▼

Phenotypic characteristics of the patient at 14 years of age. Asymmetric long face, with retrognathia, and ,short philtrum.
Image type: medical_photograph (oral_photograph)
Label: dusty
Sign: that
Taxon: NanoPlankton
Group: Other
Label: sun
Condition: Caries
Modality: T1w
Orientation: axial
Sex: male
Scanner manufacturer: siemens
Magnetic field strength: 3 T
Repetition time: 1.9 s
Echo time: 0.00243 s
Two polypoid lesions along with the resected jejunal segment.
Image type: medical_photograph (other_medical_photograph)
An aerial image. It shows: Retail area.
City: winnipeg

▲

■ **What you are asked to do**
Set down exactly the lines of the listing above, from the line holding "Modality: T1w" through its last line, with nothing added.

■ **Your solution**
Modality: T1w
Orientation: axial
Sex: male
Scanner manufacturer: siemens
Magnetic field strength: 3 T
Repetition time: 1.9 s
Echo time: 0.00243 s
Two polypoid lesions along with the resected jejunal segment.
Image type: medical_photograph (other_medical_photograph)
An aerial image. It shows: Retail area.
City: winnipeg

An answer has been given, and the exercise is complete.